# Adding Bio to Website?



## Lizzytish (Sep 2, 2015)

I have read several articles saying it's a bad idea to have a bio about yourself on your photography website. I disagree. If I am going to hire someone that I will be building a relationship with (photographer, doctor, wedding planners, etc) that I may want to use again in the future, I like to do a little research to find out some information about that person themselves on top of what other customers have thought about them. What do you guys think? Would it be a bad idea for me to include a small bio and photo of myself to my photography site or is that a no go? Explain why. I would love to hear everyones opinions! Thanks =]


----------



## tirediron (Sep 2, 2015)

I think it's a good idea, and I do it on my 'site.  I believe that it allows potential clients to get an idea of who I am and whether I am likely to be a good fit for the work they want done.


----------



## ronlane (Sep 2, 2015)

hmmm, let me see.

These three have Bio's and have done pretty well for themselves.

About Peter Hurley

San Francisco wedding photographer, Bambi Cantrell, serving: San Francisco, San Jose, Santa Barbara, Beverly Hills, Los Angeles, San Diego, Laguna Beach, Walnut Creek, Lafayette, East Bay, Hillsborough, Atherton, South Bay, and New York City.

Biography


----------



## pixmedic (Sep 2, 2015)

biographies are often just paragraphs of fluff designed to add a personal element to an otherwise purely professional venue. 
Its a trap designed to distract the potential customer from any issues they might have with the pro's work or other details by sidetracking them with personal elements. the potential client is lulled into false sense of comfort by identifying with the pro on a personal level by way of elements completely unrelated to the actual service provided, and as such, are not as diligent in their assessment of the professionals qualifications. The end result is a judgement often based on those personal elements that the client identifies with, and not the actual qualifications of the person providing the service.


----------



## Derrel (Sep 2, 2015)

Well, be careful of what you write--it might just possibly be perceived negatively by potential customers. What do I mean by that statement? Well, last week I was looking at a photographer's portfolio, and "this person" wrote, "I got into photography three years ago, in college, almost by accident, and have been learning more and more about photography every year."

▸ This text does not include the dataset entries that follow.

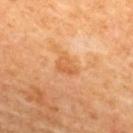Part of a total-body skin-imaging series; this lesion was reviewed on a skin check and was not flagged for biopsy.
A lesion tile, about 15 mm wide, cut from a 3D total-body photograph.
Approximately 3 mm at its widest.
From the back.
The subject is a female in their mid-60s.
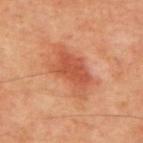Part of a total-body skin-imaging series; this lesion was reviewed on a skin check and was not flagged for biopsy. About 6.5 mm across. A male subject, aged 58–62. Automated image analysis of the tile measured a lesion area of about 16 mm², an eccentricity of roughly 0.85, and two-axis asymmetry of about 0.35. And it measured a nevus-likeness score of about 85/100. On the chest. A 15 mm close-up extracted from a 3D total-body photography capture. The tile uses cross-polarized illumination.
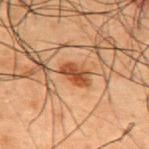The lesion was photographed on a routine skin check and not biopsied; there is no pathology result.
The lesion is located on the upper back.
A male patient in their 50s.
A 15 mm close-up tile from a total-body photography series done for melanoma screening.
The total-body-photography lesion software estimated a footprint of about 3 mm² and a shape-asymmetry score of about 0.35 (0 = symmetric). The analysis additionally found an average lesion color of about L≈35 a*≈22 b*≈31 (CIELAB) and roughly 12 lightness units darker than nearby skin. It also reported a border-irregularity index near 3.5/10 and a peripheral color-asymmetry measure near 0.5.
Imaged with cross-polarized lighting.
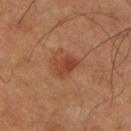biopsy_status: not biopsied; imaged during a skin examination
lighting: cross-polarized
patient:
  sex: male
  age_approx: 50
image:
  source: total-body photography crop
  field_of_view_mm: 15
lesion_size:
  long_diameter_mm_approx: 3.0
automated_metrics:
  area_mm2_approx: 5.0
  eccentricity: 0.75
  shape_asymmetry: 0.25
  border_irregularity_0_10: 2.5
  color_variation_0_10: 3.5
  nevus_likeness_0_100: 80
  lesion_detection_confidence_0_100: 100
site: right upper arm
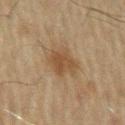Clinical impression:
The lesion was tiled from a total-body skin photograph and was not biopsied.
Acquisition and patient details:
Captured under cross-polarized illumination. A male patient, aged 68 to 72. A close-up tile cropped from a whole-body skin photograph, about 15 mm across. The total-body-photography lesion software estimated a lesion color around L≈39 a*≈14 b*≈29 in CIELAB, about 7 CIELAB-L* units darker than the surrounding skin, and a normalized lesion–skin contrast near 7. The analysis additionally found a nevus-likeness score of about 40/100 and a lesion-detection confidence of about 100/100. From the left upper arm. The recorded lesion diameter is about 3.5 mm.
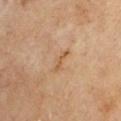This lesion was catalogued during total-body skin photography and was not selected for biopsy. A 15 mm close-up tile from a total-body photography series done for melanoma screening. On the arm. The total-body-photography lesion software estimated border irregularity of about 7.5 on a 0–10 scale, a within-lesion color-variation index near 0/10, and peripheral color asymmetry of about 0. The subject is a male aged 68 to 72. The tile uses cross-polarized illumination. Approximately 3 mm at its widest.
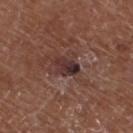Clinical impression: This lesion was catalogued during total-body skin photography and was not selected for biopsy. Background: The lesion is on the left lower leg. The lesion's longest dimension is about 3 mm. The subject is a male roughly 75 years of age. The lesion-visualizer software estimated border irregularity of about 2.5 on a 0–10 scale, a within-lesion color-variation index near 7/10, and a peripheral color-asymmetry measure near 2.5. And it measured an automated nevus-likeness rating near 0 out of 100 and a lesion-detection confidence of about 100/100. Cropped from a whole-body photographic skin survey; the tile spans about 15 mm.
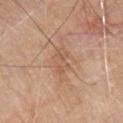Imaged during a routine full-body skin examination; the lesion was not biopsied and no histopathology is available. This image is a 15 mm lesion crop taken from a total-body photograph. A male subject, approximately 80 years of age. Measured at roughly 3 mm in maximum diameter. The lesion is located on the chest.
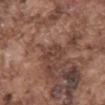biopsy_status: not biopsied; imaged during a skin examination
site: front of the torso
lighting: white-light
patient:
  sex: male
  age_approx: 75
image:
  source: total-body photography crop
  field_of_view_mm: 15
lesion_size:
  long_diameter_mm_approx: 3.0
automated_metrics:
  cielab_L: 40
  cielab_a: 19
  cielab_b: 25
  vs_skin_darker_L: 7.0
  vs_skin_contrast_norm: 6.0
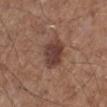Q: Was a biopsy performed?
A: no biopsy performed (imaged during a skin exam)
Q: What is the anatomic site?
A: the left lower leg
Q: What lighting was used for the tile?
A: white-light illumination
Q: What did automated image analysis measure?
A: a mean CIELAB color near L≈40 a*≈19 b*≈24, about 11 CIELAB-L* units darker than the surrounding skin, and a normalized lesion–skin contrast near 9; a border-irregularity index near 1.5/10, a color-variation rating of about 3.5/10, and a peripheral color-asymmetry measure near 1
Q: How large is the lesion?
A: about 4 mm
Q: What kind of image is this?
A: ~15 mm crop, total-body skin-cancer survey
Q: Who is the patient?
A: male, aged around 60
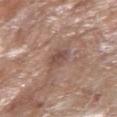Q: Was this lesion biopsied?
A: imaged on a skin check; not biopsied
Q: Patient demographics?
A: female, aged 73 to 77
Q: Automated lesion metrics?
A: an area of roughly 5 mm², an outline eccentricity of about 0.75 (0 = round, 1 = elongated), and a symmetry-axis asymmetry near 0.3
Q: How was this image acquired?
A: 15 mm crop, total-body photography
Q: Where on the body is the lesion?
A: the right forearm
Q: How large is the lesion?
A: about 3 mm
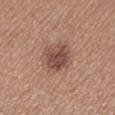Clinical impression: Imaged during a routine full-body skin examination; the lesion was not biopsied and no histopathology is available. Acquisition and patient details: The patient is a female aged around 35. The lesion is on the left lower leg. The tile uses white-light illumination. A 15 mm close-up extracted from a 3D total-body photography capture. The total-body-photography lesion software estimated an outline eccentricity of about 0.65 (0 = round, 1 = elongated) and a symmetry-axis asymmetry near 0.15. The analysis additionally found an average lesion color of about L≈48 a*≈20 b*≈25 (CIELAB), roughly 11 lightness units darker than nearby skin, and a normalized border contrast of about 8.5. The analysis additionally found a peripheral color-asymmetry measure near 1.5. And it measured a lesion-detection confidence of about 100/100.
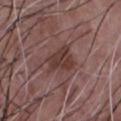A 15 mm close-up tile from a total-body photography series done for melanoma screening. The subject is a male roughly 50 years of age. The tile uses white-light illumination. From the front of the torso. About 4 mm across.

Okay...young person...just sort of fell into it...not much experience...self-taught, no mentor, no apprenticeship...probably NOT really much experience...

In negotiations, revealing too much about one's self can sometimes backfire. Maybe it's my own personal bias, or my general age bracket (50-ish), but I'm less inclined to go with a photographer who 'accidentally' and only recently took up a camera, and has been self-teaching for three years, when there are LOADS of current active professional photographers who've been in business for 10,15,20,25 years. That person'a about me section basically caused me to separate him/her from the photographer population as a whole, and caused him/her to go right to the_ newly-minted shingle-hanger_ pool of potential suppliers.


----------



## Vtec44 (Sep 2, 2015)

You do what works for you, the image that you want to project, and the clients that you want to attract.  In certain type of photography, people do want to know about the photographer and the about page is used to project a certain image to potential clients.  I can't speak for everyone else, but my clients do want to know about me.  It gives them an insight to me as a person and how I work as a professional.


----------



## vfotog (Sep 3, 2015)

Definitely yes on bios. OTOH, Derrell is absolutely right on the quality of content in the bio (and of course, the rest of the site.) Your qualifications, areas of specialization, notable clients are all good things. But the example Derrell gave is excellent; you're trying to get them to hire you. DON'T lie, but don't sell yourself short either. And please, please, please have someone objective read for content and someone with language skills proof for grammar and spelling.  Text that looks like an 8th grader wrote it doesn't instill confidence in a potential client looking for professional services.


----------



## imagemaker46 (Sep 3, 2015)

I had my bio written by someone else, I gave them my background and then made some little changes to it.  The biggest thing about bios is being 100% honest.


----------



## robbins.photo (Sep 3, 2015)

Ok, well a couple of things spring to mind here.  If you need to explain away the prison record, just pick one felony and concentrate on that.  Also remember that cops and lawyers hire photographers too so probably best to just write it up as a "misunderstanding".

Brevity is the key to success.  Saying things like, "I like bunnies" is fine.  Do not expand that to "with ketchup."  Don't ask me how I know this.


----------